A projection done by Navigate Research, which does data modeling for professional sports leagues and college conferences, for The Athletic last year had the annual distribution gap between the SEC and Big 12 at about $16 million per team per year in the SEC’S favor by 2026.
That was under the assumption the Big 12 would still have Texas and Oklahoma. The Big 12’s next TV deal will pay substantially less without its flagship schools than the $574 million in 2026 Navigate was projecting.
CFP expansion: SEC Commissioner Greg Sankey was part of a four-person group, along with Big 12 Commissioner Bob Bowlsby, that worked on College Football Playoff expansion for about two years.

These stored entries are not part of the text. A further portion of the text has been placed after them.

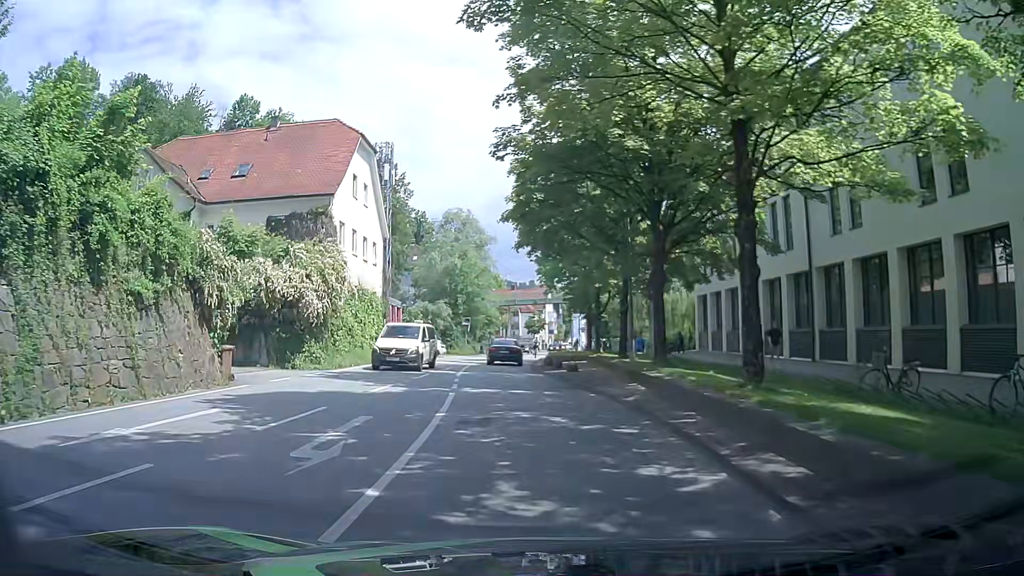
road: tertiary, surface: asphalt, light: Day
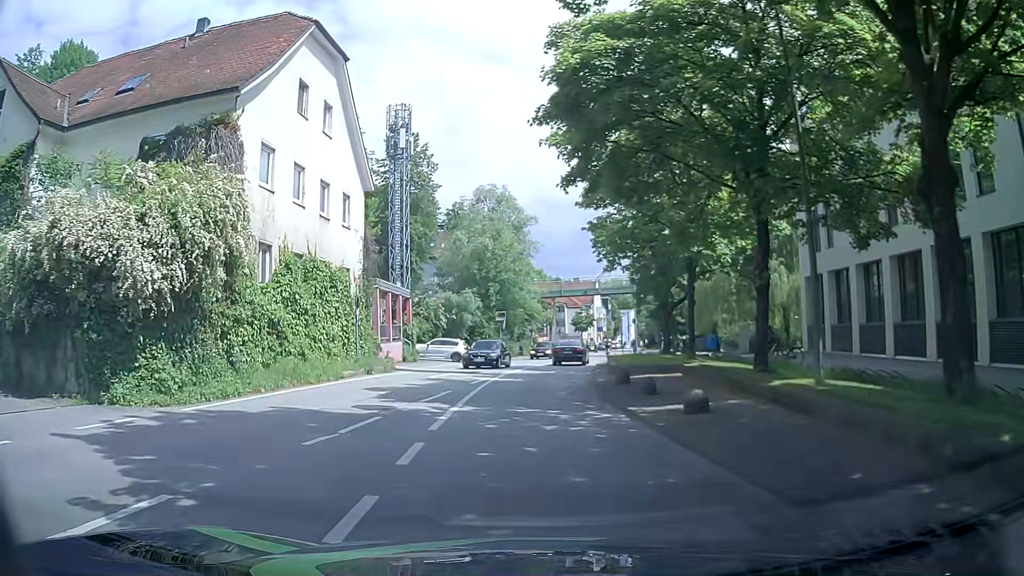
(-0.4, +13.4) m; -4°
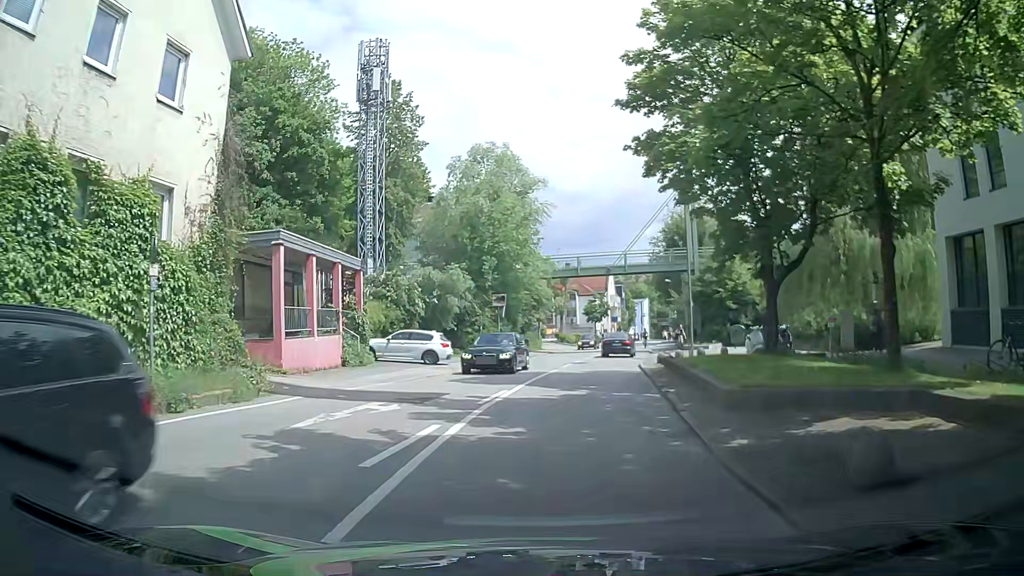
(-0.2, +13.6) m; -1°
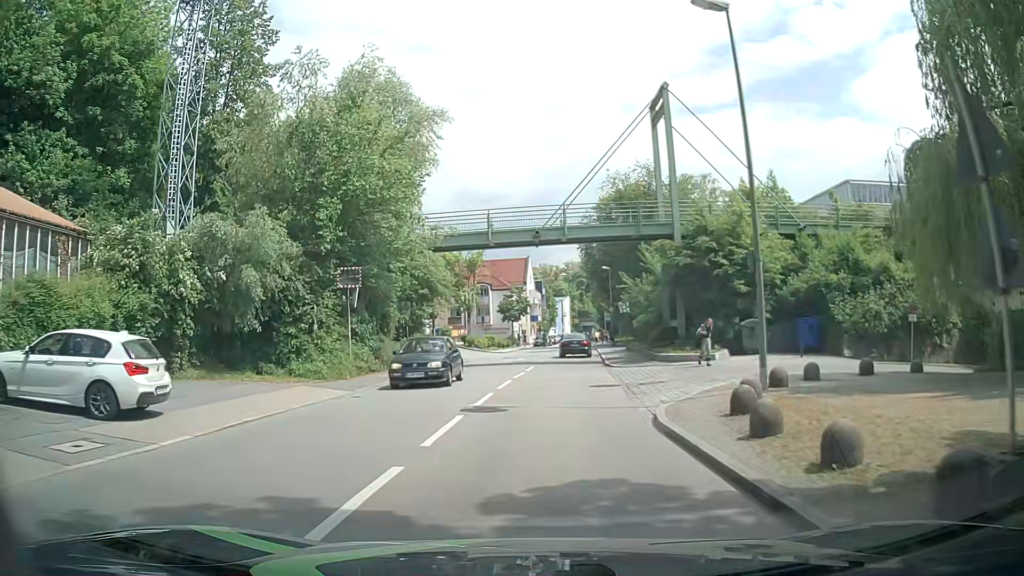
(+1.2, +18.5) m; +8°
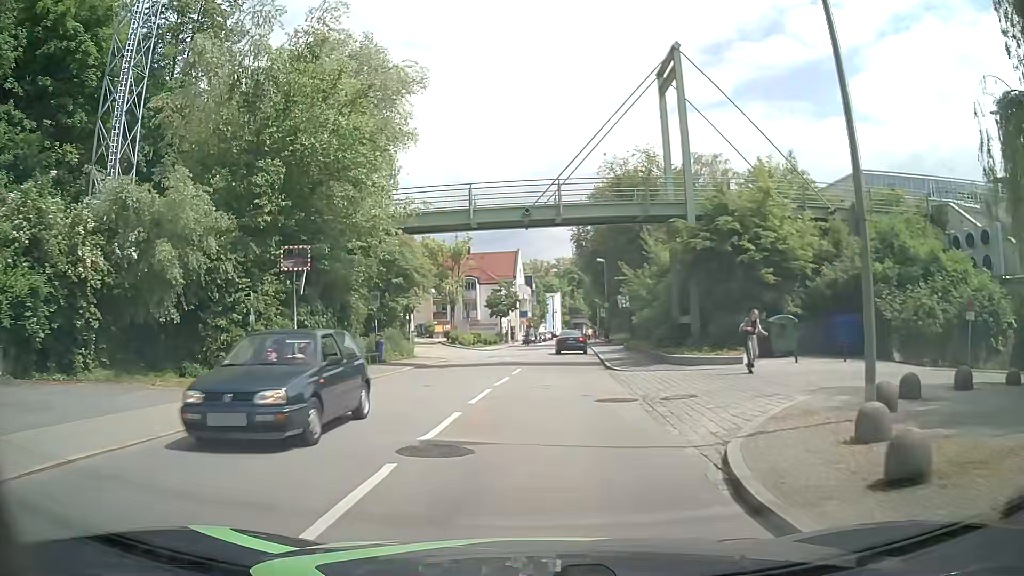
(0.0, +4.7) m; 0°
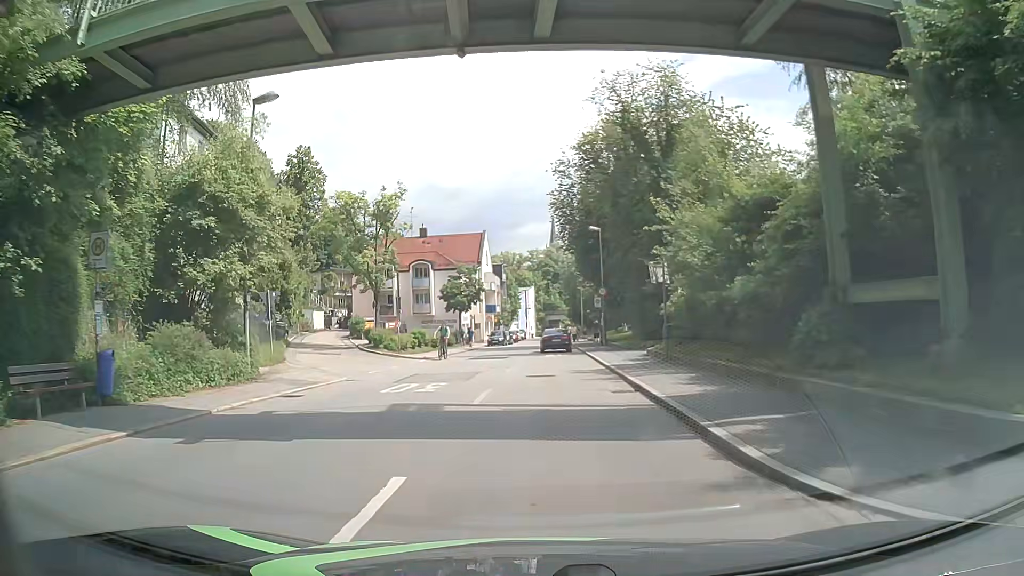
(+0.4, +18.8) m; +2°
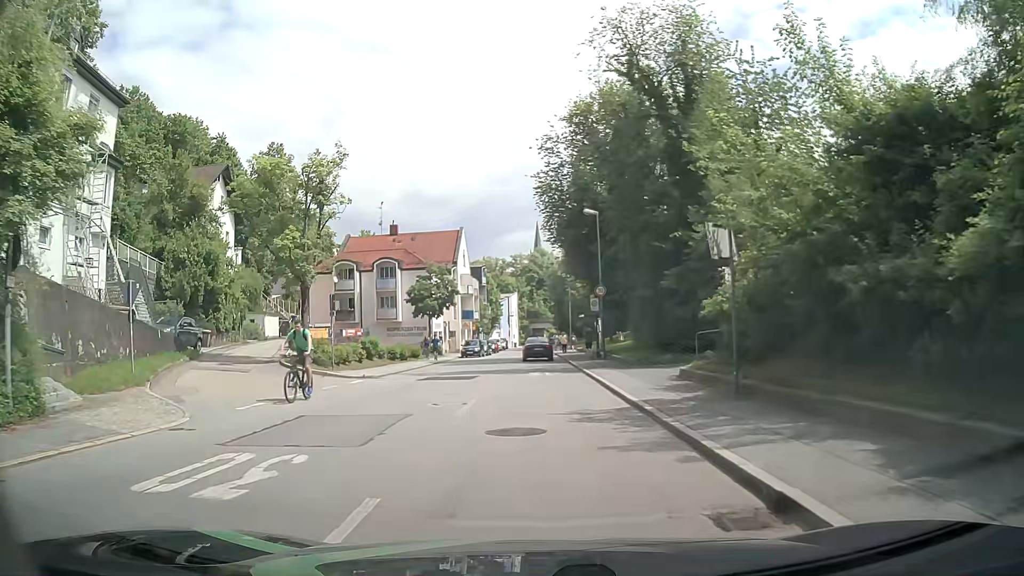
(+0.1, +9.3) m; +2°
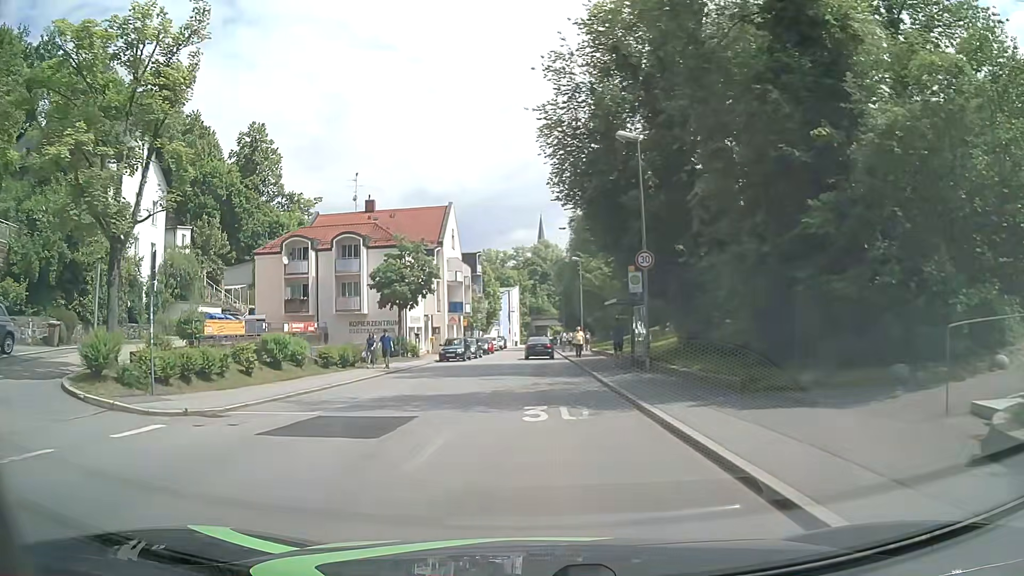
(-0.3, +13.8) m; -1°
(0, +10) (0, +20) (0, +30) (0, +40) (0, +50) (0, +60) (0, +70) (0, +80) (0, +90) (0, +100) m

The plan calls for a 12-team field. There are steps to go before formal approval, but implementation could come as soon as 2023. Those with a background in college sports believe it was no coincidence that Sankey was working on both CFP and SEC expansion.
“People have tried to say, ‘Why now?”’ former Western Athletic Conference and Sun Belt Commissioner Karl Benson said. “If there’s a different structure and if the SEC going to 16 teams is going to create a different structure among its peer conferences, you need to do it before the next CFP expansion.”
The current CFP expansion proposal calls for the six top-ranked conference champions to make the 12-team field, along with six at-large picks by the selection committee.
The SEC is about to add the only Big 12 school to make the playoff and the only other Big 12 school to win a national championship since the conference was formed in 1994. Texas and OU will have a more treacherous path to the CFP in the SEC, but more roads are opening up.